= Description of the task =
Write out the entries below exactly as they stand. Skip every image.

━━━━━ Material supplied

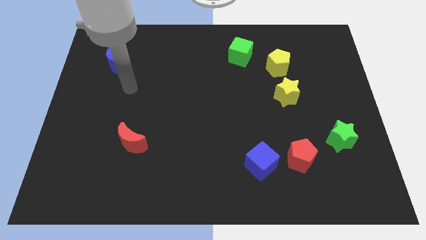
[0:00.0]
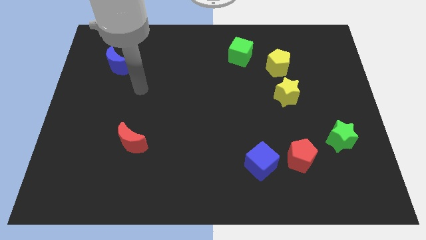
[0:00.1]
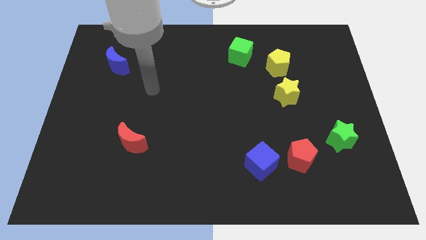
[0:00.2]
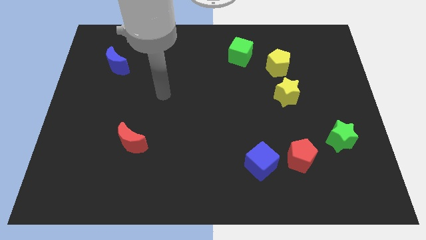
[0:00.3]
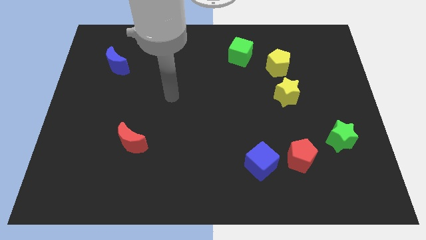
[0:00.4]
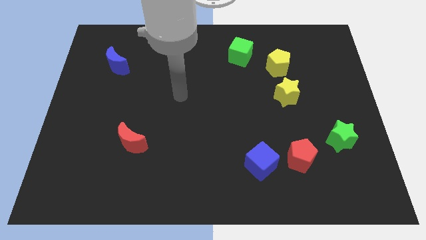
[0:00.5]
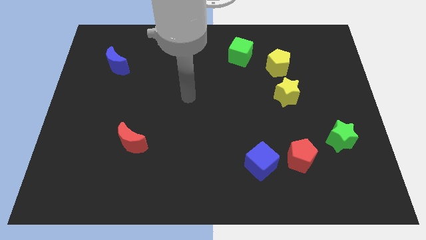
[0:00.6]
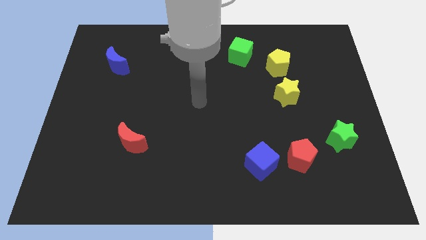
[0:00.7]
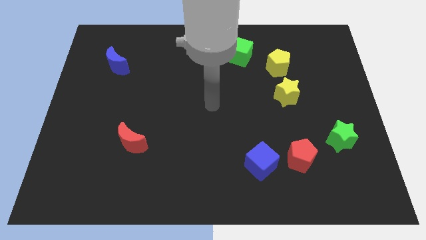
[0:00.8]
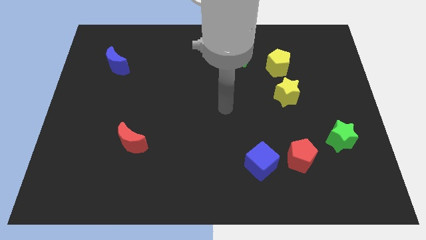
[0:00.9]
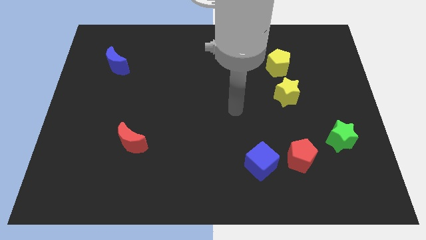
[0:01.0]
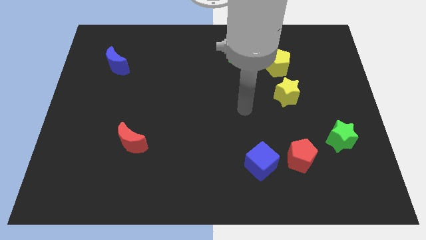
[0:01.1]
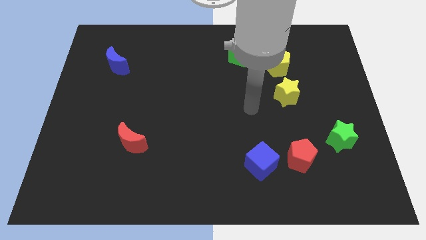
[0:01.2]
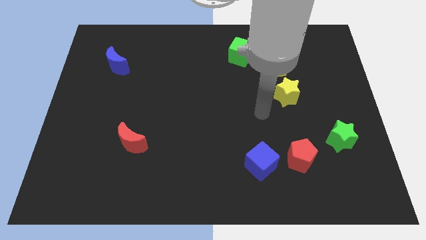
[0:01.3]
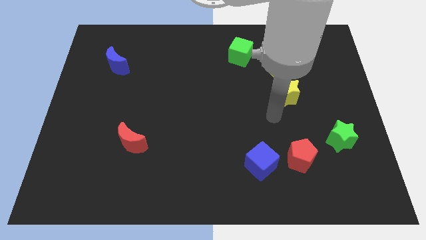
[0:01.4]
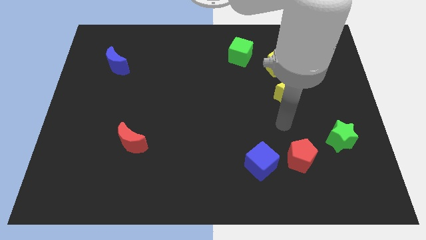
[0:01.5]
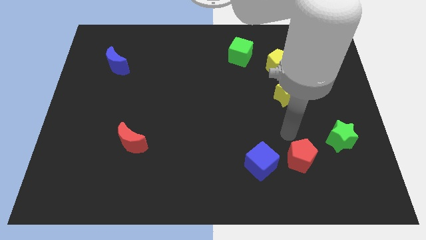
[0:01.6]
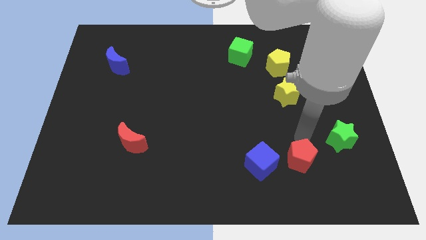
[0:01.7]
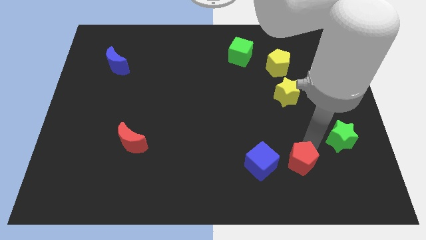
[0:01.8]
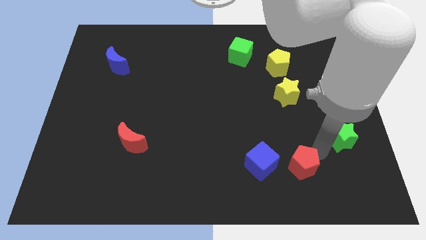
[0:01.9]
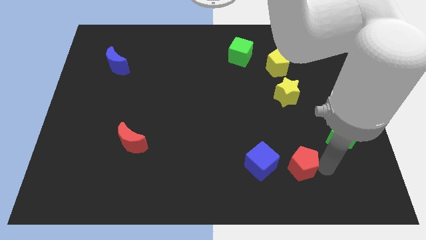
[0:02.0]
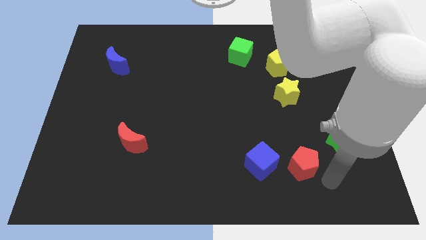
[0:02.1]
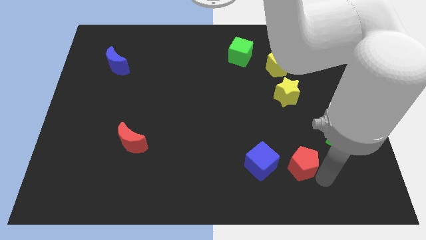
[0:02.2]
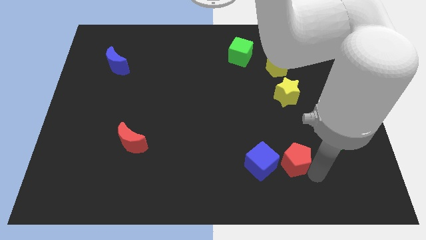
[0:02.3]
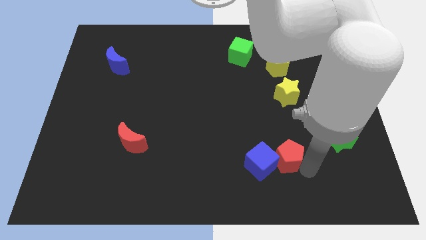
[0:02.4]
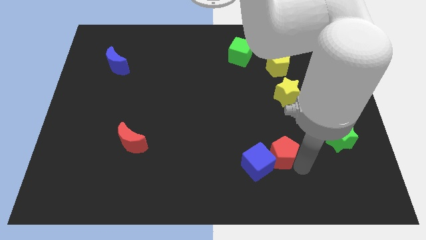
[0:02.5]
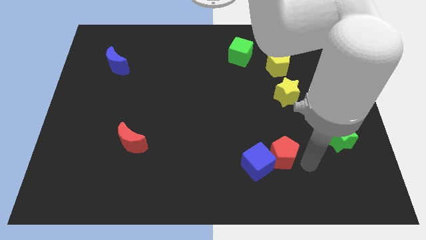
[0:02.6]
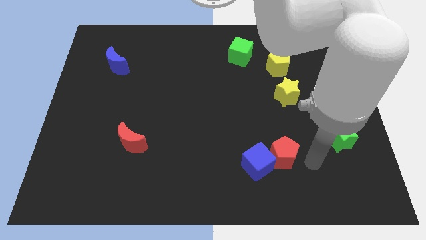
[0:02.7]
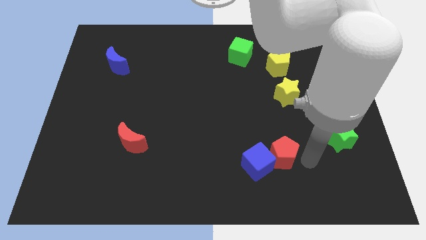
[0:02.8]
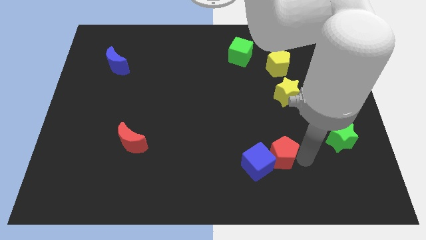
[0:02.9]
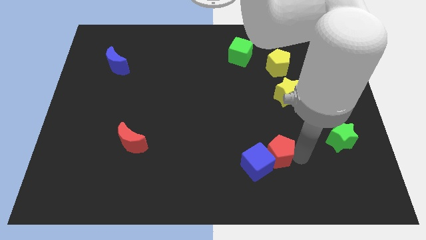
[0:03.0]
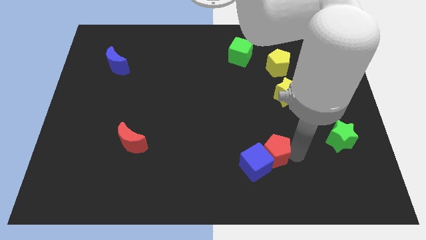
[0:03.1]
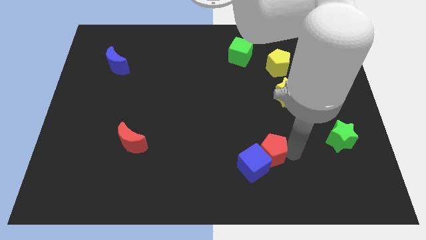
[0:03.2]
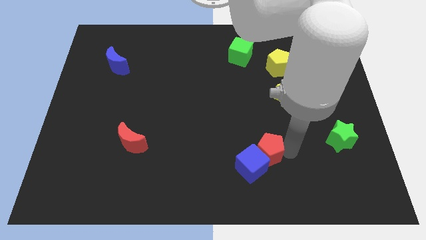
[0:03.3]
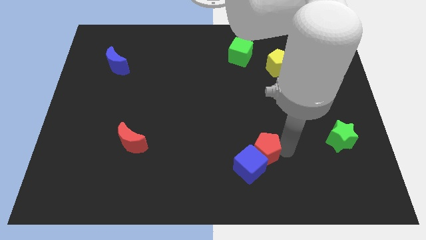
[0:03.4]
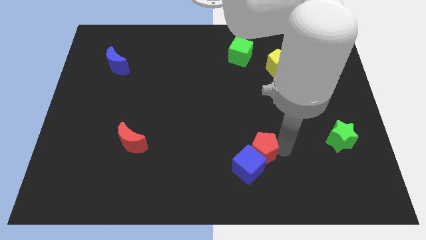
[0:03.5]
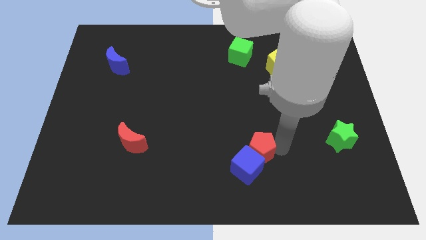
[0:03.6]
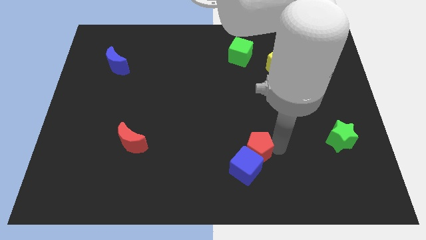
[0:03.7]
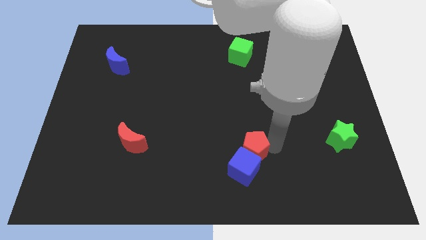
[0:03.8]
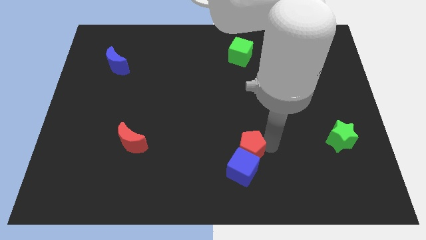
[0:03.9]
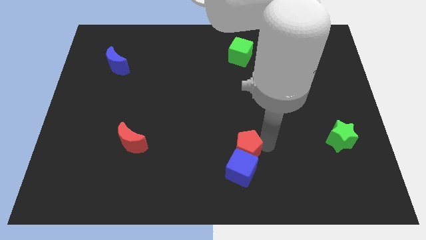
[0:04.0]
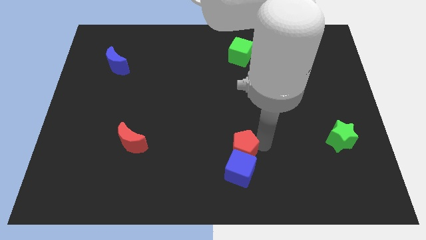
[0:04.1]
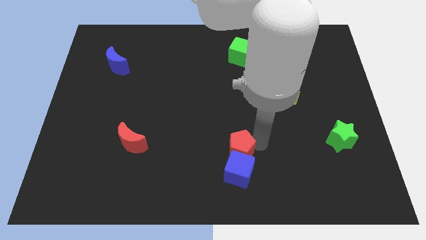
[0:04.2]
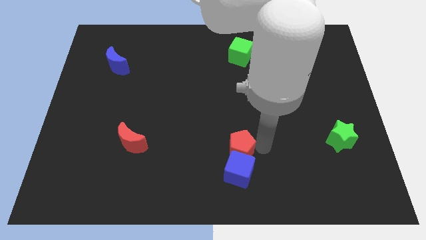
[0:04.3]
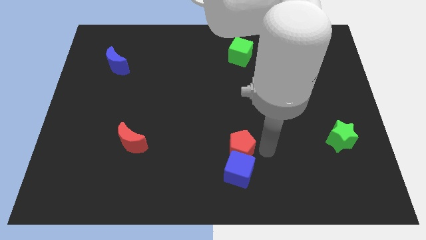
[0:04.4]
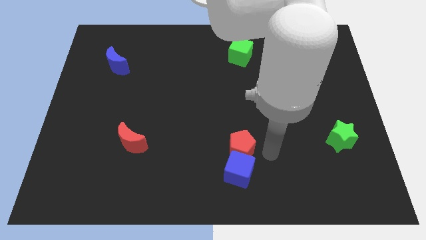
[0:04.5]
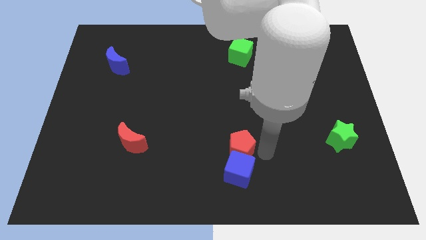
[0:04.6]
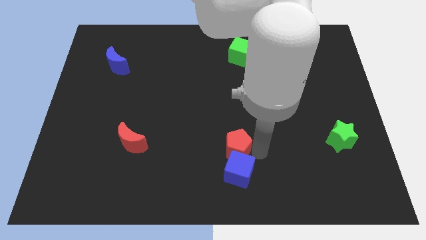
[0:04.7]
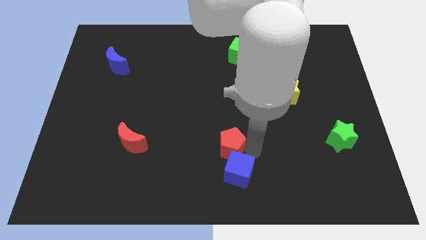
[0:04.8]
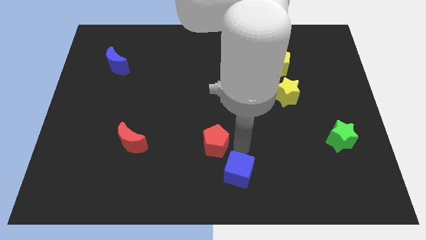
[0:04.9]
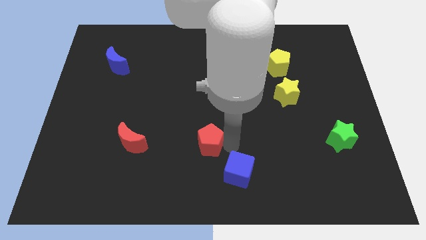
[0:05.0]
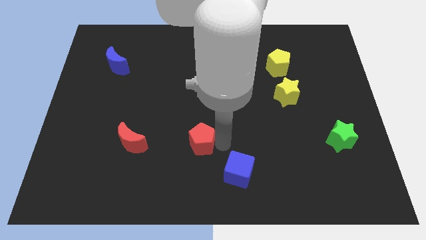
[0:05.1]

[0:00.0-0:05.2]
push the red pentagon to the left

━━━━━━━━━━

= Finished exercise =
[0:00.0]
[0:00.1]
[0:00.2]
[0:00.3]
[0:00.4]
[0:00.5]
[0:00.6]
[0:00.7]
[0:00.8]
[0:00.9]
[0:01.0]
[0:01.1]
[0:01.2]
[0:01.3]
[0:01.4]
[0:01.5]
[0:01.6]
[0:01.7]
[0:01.8]
[0:01.9]
[0:02.0]
[0:02.1]
[0:02.2]
[0:02.3]
[0:02.4]
[0:02.5]
[0:02.6]
[0:02.7]
[0:02.8]
[0:02.9]
[0:03.0]
[0:03.1]
[0:03.2]
[0:03.3]
[0:03.4]
[0:03.5]
[0:03.6]
[0:03.7]
[0:03.8]
[0:03.9]
[0:04.0]
[0:04.1]
[0:04.2]
[0:04.3]
[0:04.4]
[0:04.5]
[0:04.6]
[0:04.7]
[0:04.8]
[0:04.9]
[0:05.0]
[0:05.1]

[0:00.0-0:05.2]
push the red pentagon to the left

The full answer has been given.